In [1]:
import keras
from keras.layers import *
import matplotlib.pyplot as plt
import numpy as np
import pandas as pd
from sklearn.utils import shuffle
import multiprocessing as mp
from sklearn.feature_selection import SelectKBest
from sklearn.feature_selection import mutual_info_regression

df = pd.read_pickle('df_S300_featurized')
df = df.replace([np.inf, -np.inf, np.nan], 0)
df_X = df.drop('Input Data|S_300_atom',axis=1)
a = {}
for x in df_X.columns:
    if 'ChemEnvSiteFingerprint|GaussianSymmFunc' in x:
        a[x] = 'GaussianSymmFunc|'+x[39:]
df_X = df_X.rename(a,axis=1)

df_Y = df[['Input Data|S_300_atom']]

df_X=(df_X-df_X.min())/(df_X.max()-df_X.min())
#df_Y=(df_Y-df_Y.min())/(df_Y.max()-df_Y.min())
df_X = df_X.replace([np.inf, -np.inf, np.nan], 0)

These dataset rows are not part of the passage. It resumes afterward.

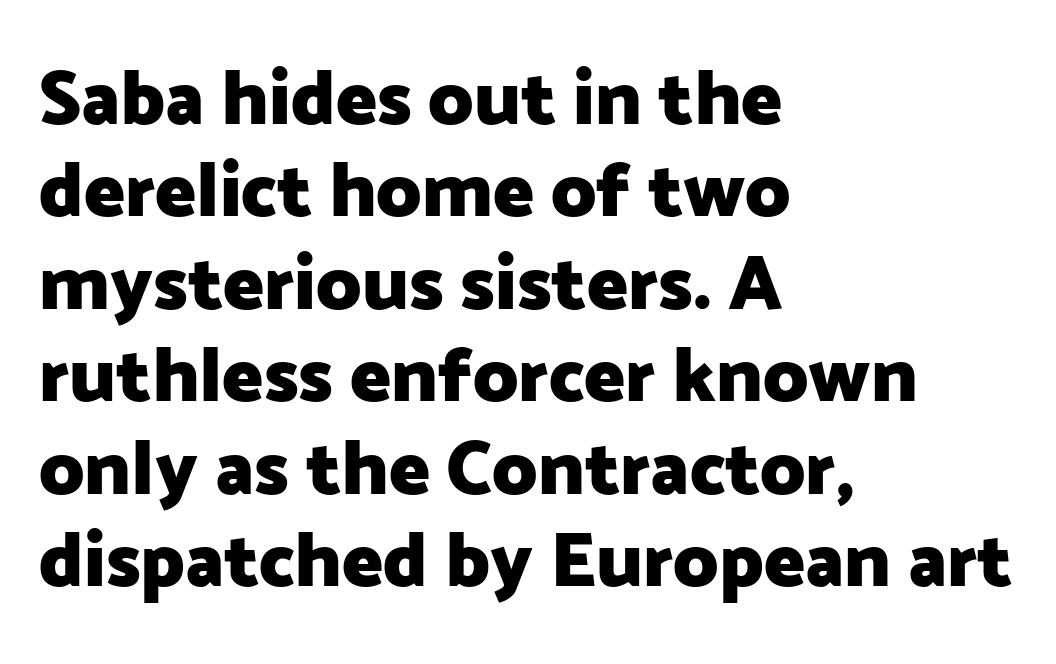
Nobody drew a line under any word here. Does the type have serifs? No, each stem ends abruptly. Compared with a centered layout, this one pins lines to the left instead. Plenty of ink on the page — the face is bold. Each letter keeps its own natural width here, so spacing adapts to shape.
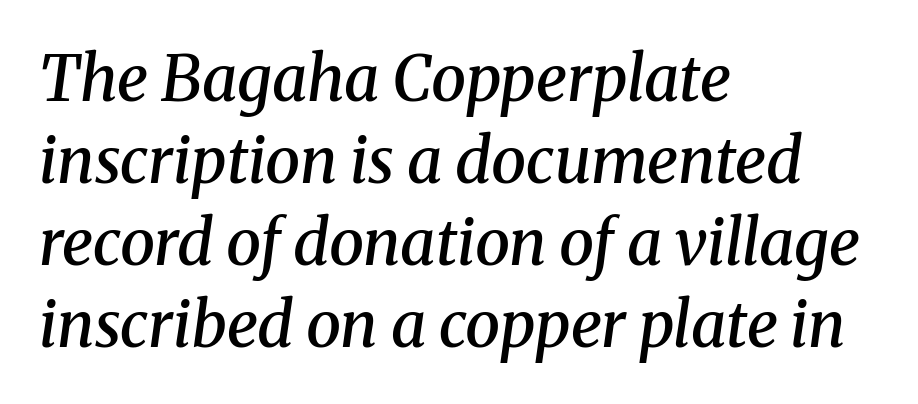
The image shows 63 px semibold serif type, italic (leaning right); set left-aligned, normal line spacing (1.3x), normal letter spacing, not underlined; medium stroke contrast and a medium x-height.
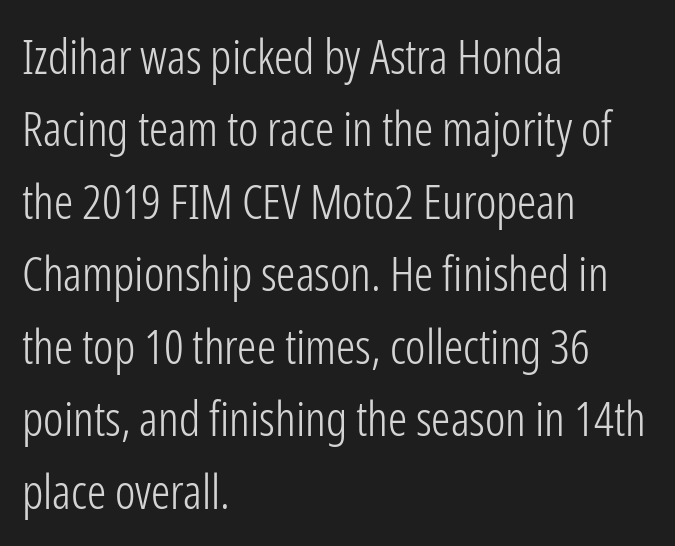
{"serif": "no", "italic": "no", "bold": "no", "weight": "light", "width": "condensed", "stroke_contrast": "low", "x_height": "medium", "monospaced": "no", "underline": "no", "align": "left", "line_spacing": "normal", "line_spacing_ratio": 1.51, "letter_spacing": "normal", "letter_spacing_em": 0.0, "glyph_px": 48}
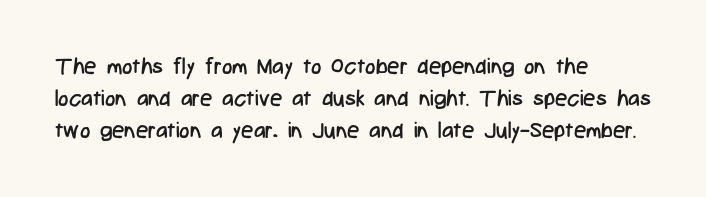
Q: Is the text bold? A: No.
Q: Is the text italic (slanted)? A: No, it is upright.
Q: Is the text underlined? A: No.
Q: How is the paragraph aligned? A: Left-aligned.
Q: Is the spacing between letters normal or unusually wide? A: Normal.
Q: Is the spacing between lines tight, normal or loose? A: Normal.
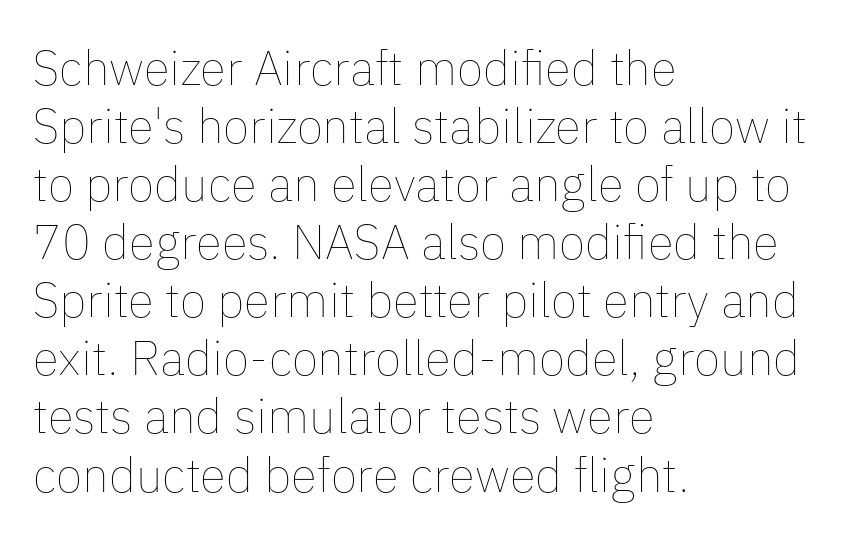
Notice how the passage keeps a crisp vertical edge on the left only. Letters rest on an invisible, unmarked baseline. Spacing between characters is what you'd get straight out of the box. These lines are rendered in a variable-pitch font. The letters stand upright; this is a roman face. Is the type heavy? It reads as light-to-regular instead.
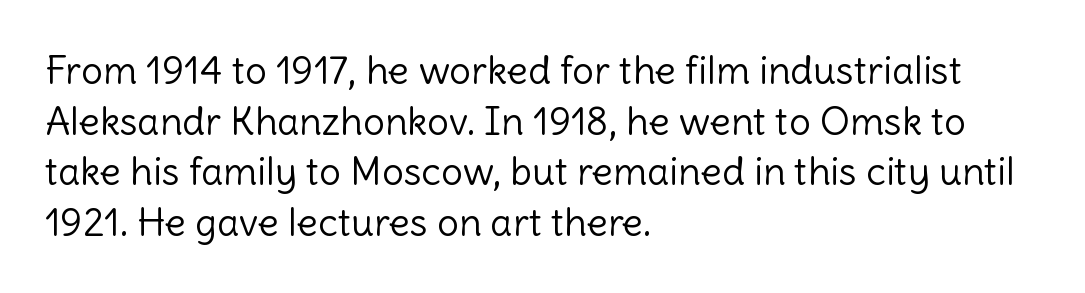
Nothing sits at the stroke ends, so this counts as sans-serif. The leading is moderate, giving the passage an even texture. Line beginnings align vertically; line endings do not. Underlining? Definitely not there.
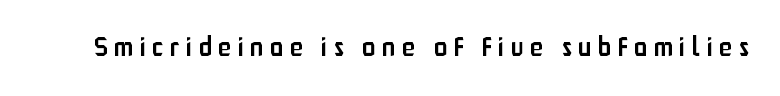
Q: Is the text bold? A: Semi-bold.
Q: Is the text italic (slanted)? A: No, it is upright.
Q: Is the text underlined? A: No.
Q: Is the spacing between letters normal or unusually wide? A: Unusually wide.
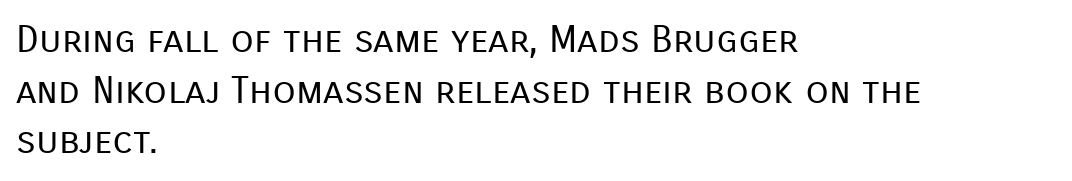
The image shows 38 px regular-weight sans-serif type, upright; set left-aligned, normal line spacing (1.33x), normal letter spacing, not underlined; low stroke contrast and a medium x-height.
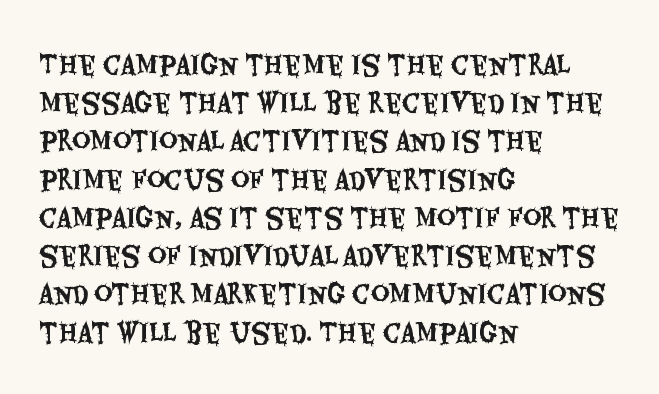
Descenders hang freely into open space. Teacher's note: observe the even left margin — that is flush-left alignment. The vertical gap from one line to the next is medium. If you drew a line through each stem, it would be perfectly vertical. The letters sit at their default tracking, neither squeezed nor spread.
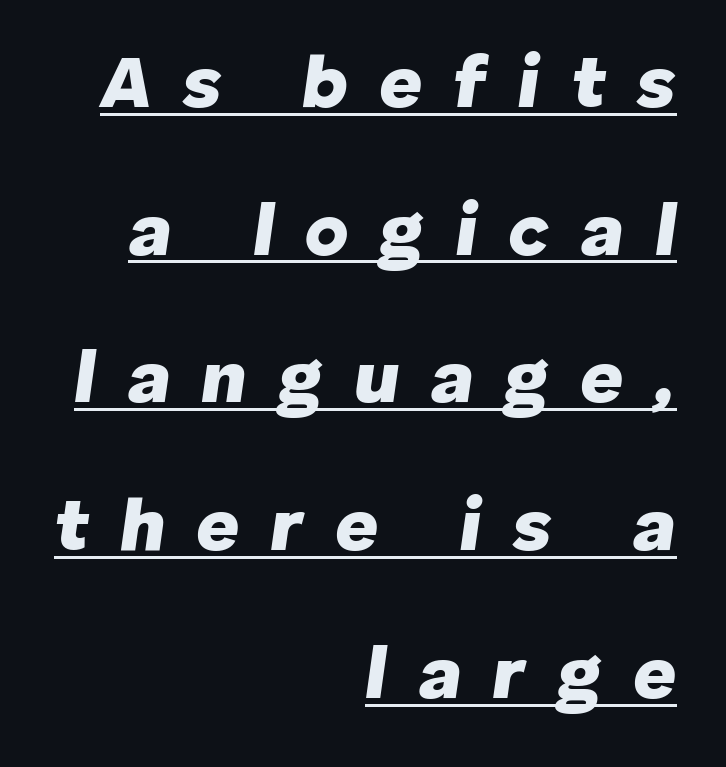
The image shows 75 px heavy type, italic (leaning right); set right-aligned, loose line spacing (1.97x), unusually wide letter spacing (+0.41 em), underlined; low stroke contrast and a medium x-height.
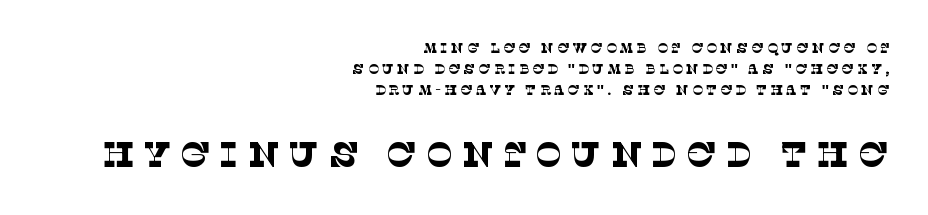
The image shows 36 px thin serif type; set right-aligned, normal line spacing (1.51x), unusually wide letter spacing (+0.23 em), not underlined; the second (bottom) block is 2.57x larger; low stroke contrast and a large x-height.
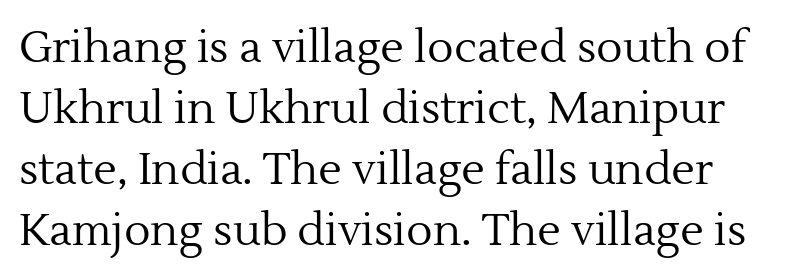
The image shows 44 px regular-weight serif type, upright; set normal line spacing (1.39x), normal letter spacing, not underlined; a medium x-height.
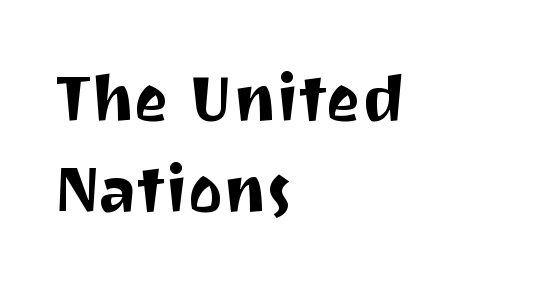
Q: Is the text italic (slanted)? A: No, it is upright.
Q: Is the typeface a serif or a sans-serif typeface? A: Sans-serif.
Q: Is the text underlined? A: No.
Q: How is the paragraph aligned? A: Left-aligned.
Q: Is the spacing between letters normal or unusually wide? A: Normal.
Q: Is the spacing between lines tight, normal or loose? A: Normal.
Q: Width (condensed, normal, or wide)? A: Normal.
Q: Stroke contrast? A: Medium.
Q: x-height? A: Medium.
Q: Monospaced? A: No.
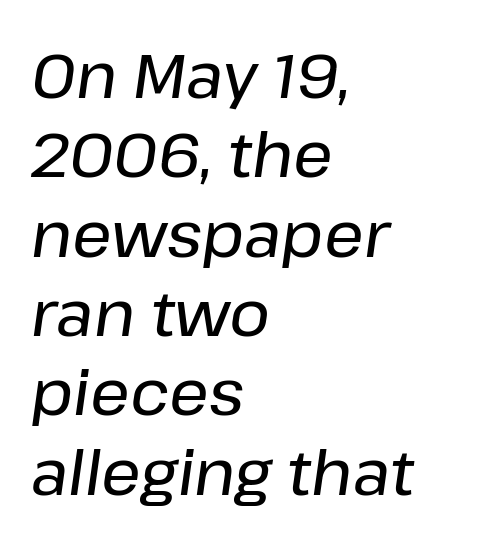
{"italic": "yes", "lean": "right", "slant_degrees": 8, "width": "normal", "stroke_contrast": "low", "x_height": "medium", "monospaced": "no", "underline": "no", "align": "left", "line_spacing": "normal", "line_spacing_ratio": 1.28, "letter_spacing": "normal", "letter_spacing_em": 0.0, "glyph_px": 62}

f_test = mutual_info_regression(df_X,df_Y['Input Data|S_300_atom'])

def get_features(n):
    
    n_best = f_test.argsort()[-n:]
    
    return df_X.columns[n_best]

def CV_NN(model,df_X,df_Y,cv=5,epochs=200,batch_size=100,plot = False):
  df_X,df_Y = shuffle(df_X,df_Y)
  size = df_X.shape[0]
  mae_score = np.zeros(cv)
  map_score = np.zeros(cv)
  
  weights = model.get_weights()
  
  for i in range(cv):
    fit_params = {
            'x': df_X.values,
            'y': df_Y.values,
            'epochs': epochs+20,
            'batch_size': batch_size,
            'verbose': 0,
            'validation_split' : 1/cv
    }
    
    model.set_weights(weights)
    history = model.fit(**fit_params)
    mae =  history.history['mean_absolute_error']
    val_map = history.history['val_mean_absolute_percentage_error']
    val_mae = history.history['val_mean_absolute_error']   
    #score = np.sort(val_mae)[:40].mean()
    #score_p = np.sort(val_map)[:40].mean()
    score = np.array(val_mae[-40:]).mean()
    score_p = np.array(val_map[-40:]).mean()
    mae_score[i] = score
    map_score[i] = score_p
    temp = df_X.iloc[:size//cv,:]
    idx = temp.index
    df_X = df_X.drop(idx,axis=0)
    df_X = df_X.append(temp)
    temp = df_Y.loc[idx,:]
    df_Y = df_Y.drop(idx,axis=0)
    df_Y = df_Y.append(temp)
    if plot:
      fig, ax = plt.subplots(figsize=(6,6))
      ax.plot(mae,label='mae')
      ax.plot(val_mae,label='val_mae')
      # ax.set_ylim([0,6])
      ax.set_title('entropy @ 300K')
      ax.set_ylabel('MAE [J/Kmol]')
      ax.set_ylabel('epochs')
      ax.legend()
      #fig.savefig("e{}.jpg".format(str(T)))
      ax.grid()
      
  return (mae_score.mean(), map_score.mean())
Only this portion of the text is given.